# Given information
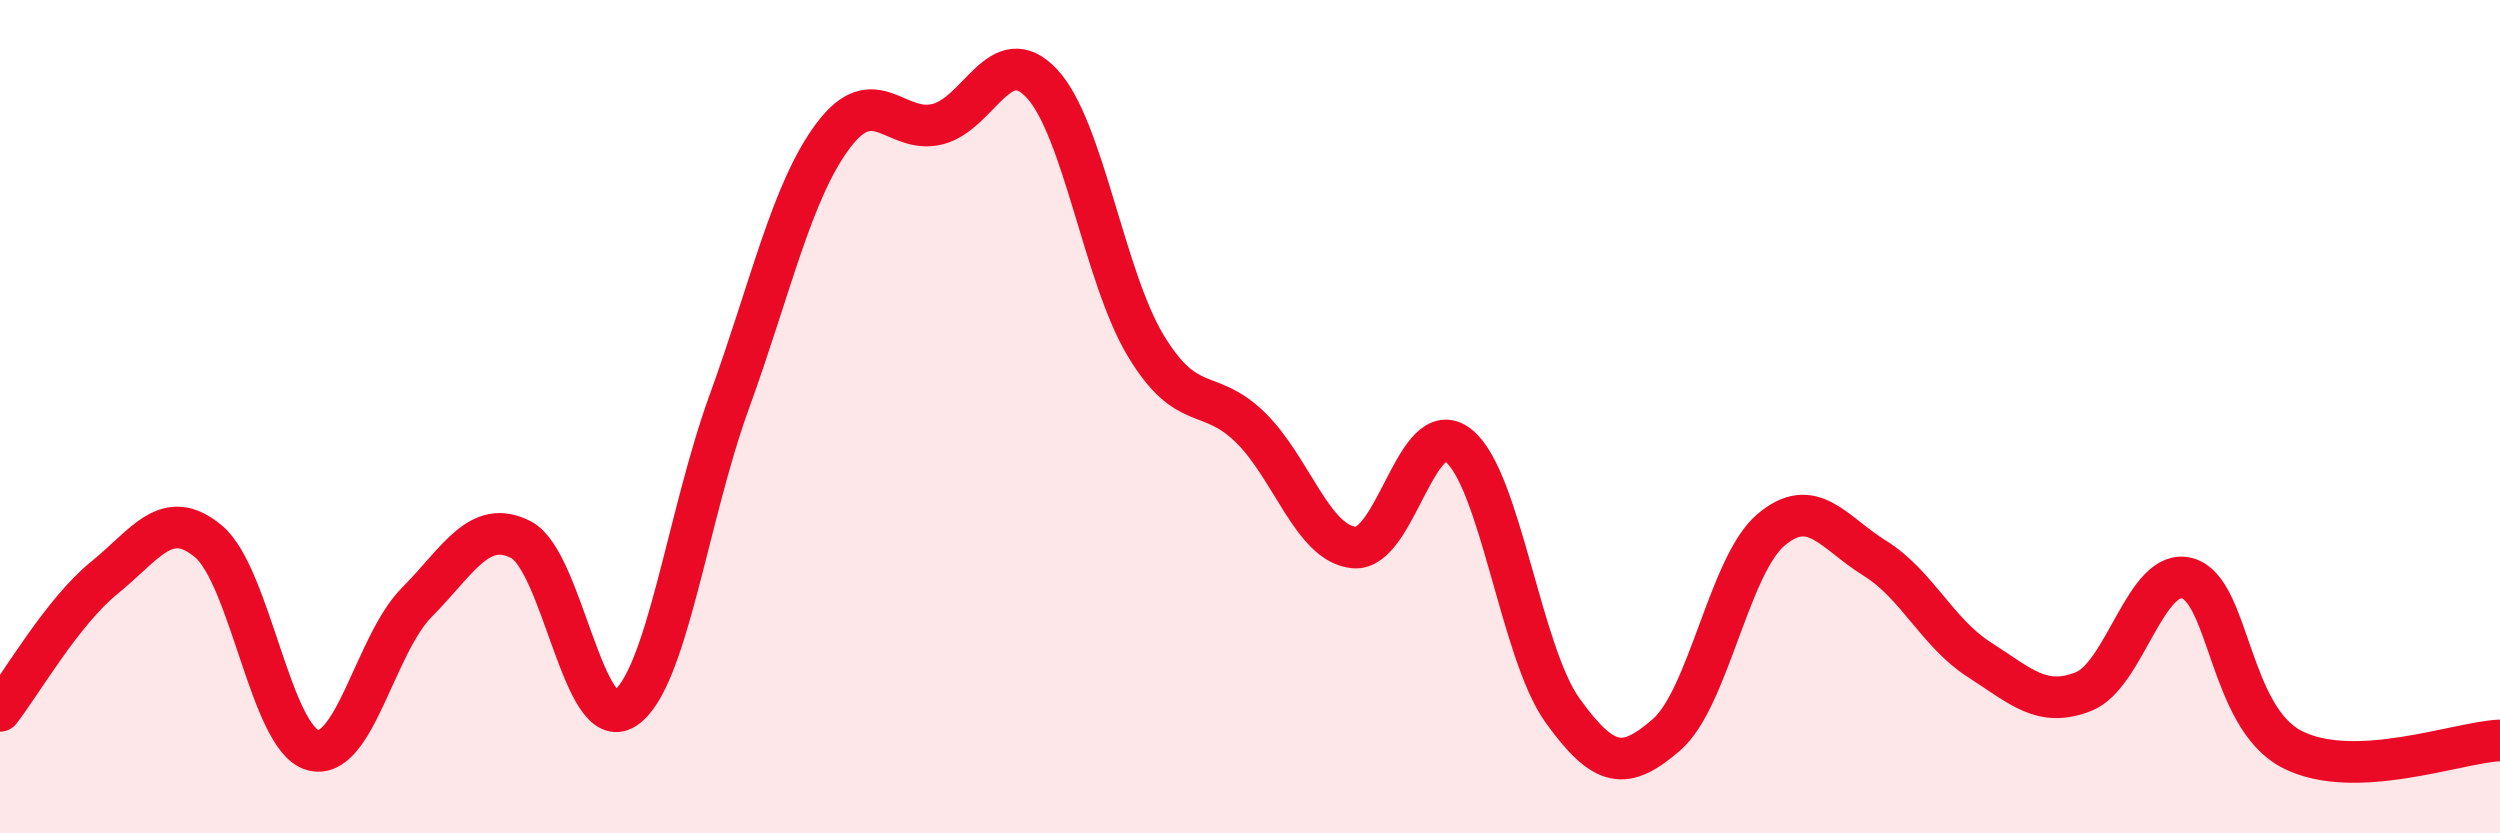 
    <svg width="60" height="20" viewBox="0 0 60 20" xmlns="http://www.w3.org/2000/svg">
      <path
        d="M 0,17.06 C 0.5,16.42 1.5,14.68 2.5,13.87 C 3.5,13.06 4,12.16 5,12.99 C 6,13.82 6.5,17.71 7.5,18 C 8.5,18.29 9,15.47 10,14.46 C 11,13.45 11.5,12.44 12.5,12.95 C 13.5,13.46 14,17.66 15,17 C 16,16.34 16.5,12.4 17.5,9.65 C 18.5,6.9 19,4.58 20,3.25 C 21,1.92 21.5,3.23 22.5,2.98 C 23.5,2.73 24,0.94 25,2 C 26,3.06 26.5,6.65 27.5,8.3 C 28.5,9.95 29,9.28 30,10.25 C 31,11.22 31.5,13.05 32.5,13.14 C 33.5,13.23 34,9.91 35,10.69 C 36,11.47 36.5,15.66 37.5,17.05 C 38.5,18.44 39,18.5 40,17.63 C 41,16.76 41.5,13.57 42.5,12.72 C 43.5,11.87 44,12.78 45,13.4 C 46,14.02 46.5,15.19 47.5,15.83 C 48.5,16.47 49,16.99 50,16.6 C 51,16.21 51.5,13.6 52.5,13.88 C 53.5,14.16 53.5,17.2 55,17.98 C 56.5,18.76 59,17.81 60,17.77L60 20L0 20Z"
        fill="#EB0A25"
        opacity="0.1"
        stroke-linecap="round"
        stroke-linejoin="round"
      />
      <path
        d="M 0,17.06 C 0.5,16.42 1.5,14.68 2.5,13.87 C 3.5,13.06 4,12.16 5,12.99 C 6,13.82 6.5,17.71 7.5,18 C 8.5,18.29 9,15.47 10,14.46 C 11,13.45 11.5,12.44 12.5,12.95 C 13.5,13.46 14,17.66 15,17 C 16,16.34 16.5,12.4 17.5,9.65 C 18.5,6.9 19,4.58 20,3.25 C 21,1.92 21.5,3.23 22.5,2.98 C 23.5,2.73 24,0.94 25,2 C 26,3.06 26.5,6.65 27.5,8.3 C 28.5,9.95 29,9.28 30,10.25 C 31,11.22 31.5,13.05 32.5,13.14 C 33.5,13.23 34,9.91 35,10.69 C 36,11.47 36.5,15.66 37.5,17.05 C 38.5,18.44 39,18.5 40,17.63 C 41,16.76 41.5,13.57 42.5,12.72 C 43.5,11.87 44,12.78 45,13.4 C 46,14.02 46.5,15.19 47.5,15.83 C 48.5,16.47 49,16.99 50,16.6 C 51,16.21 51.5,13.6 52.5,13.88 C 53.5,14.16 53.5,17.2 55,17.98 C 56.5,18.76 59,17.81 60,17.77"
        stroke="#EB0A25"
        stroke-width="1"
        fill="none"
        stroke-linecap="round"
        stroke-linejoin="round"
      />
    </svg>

# Work request
The entries are to be transcribed in full. Their pictures are not.

# Answer for this exercise
    <svg width="60" height="20" viewBox="0 0 60 20" xmlns="http://www.w3.org/2000/svg">
      <path
        d="M 0,17.06 C 0.5,16.42 1.5,14.68 2.5,13.87 C 3.5,13.06 4,12.16 5,12.99 C 6,13.82 6.5,17.71 7.5,18 C 8.5,18.29 9,15.47 10,14.46 C 11,13.45 11.5,12.44 12.5,12.95 C 13.5,13.46 14,17.66 15,17 C 16,16.34 16.5,12.4 17.5,9.65 C 18.5,6.9 19,4.58 20,3.25 C 21,1.92 21.5,3.23 22.5,2.98 C 23.5,2.73 24,0.94 25,2 C 26,3.06 26.5,6.65 27.5,8.3 C 28.5,9.95 29,9.28 30,10.25 C 31,11.22 31.5,13.05 32.5,13.14 C 33.5,13.23 34,9.91 35,10.69 C 36,11.47 36.5,15.66 37.5,17.05 C 38.5,18.44 39,18.5 40,17.63 C 41,16.76 41.5,13.57 42.5,12.72 C 43.5,11.87 44,12.78 45,13.4 C 46,14.02 46.5,15.19 47.5,15.83 C 48.5,16.47 49,16.99 50,16.6 C 51,16.21 51.5,13.6 52.5,13.88 C 53.5,14.16 53.5,17.2 55,17.98 C 56.5,18.76 59,17.81 60,17.77L60 20L0 20Z"
        fill="#EB0A25"
        opacity="0.1"
        stroke-linecap="round"
        stroke-linejoin="round"
      />
      <path
        d="M 0,17.06 C 0.5,16.42 1.5,14.68 2.5,13.87 C 3.5,13.06 4,12.16 5,12.99 C 6,13.82 6.5,17.71 7.5,18 C 8.5,18.29 9,15.47 10,14.46 C 11,13.45 11.5,12.44 12.5,12.95 C 13.5,13.46 14,17.66 15,17 C 16,16.34 16.5,12.4 17.5,9.65 C 18.5,6.9 19,4.58 20,3.25 C 21,1.92 21.5,3.23 22.5,2.98 C 23.5,2.73 24,0.94 25,2 C 26,3.06 26.5,6.65 27.5,8.3 C 28.5,9.95 29,9.28 30,10.25 C 31,11.22 31.5,13.05 32.5,13.14 C 33.5,13.23 34,9.91 35,10.69 C 36,11.47 36.5,15.66 37.5,17.05 C 38.5,18.44 39,18.5 40,17.63 C 41,16.76 41.5,13.57 42.5,12.72 C 43.5,11.87 44,12.78 45,13.4 C 46,14.02 46.5,15.19 47.5,15.83 C 48.5,16.47 49,16.99 50,16.6 C 51,16.21 51.5,13.6 52.5,13.88 C 53.5,14.16 53.5,17.2 55,17.98 C 56.5,18.76 59,17.81 60,17.77"
        stroke="#EB0A25"
        stroke-width="1"
        fill="none"
        stroke-linecap="round"
        stroke-linejoin="round"
      />
    </svg>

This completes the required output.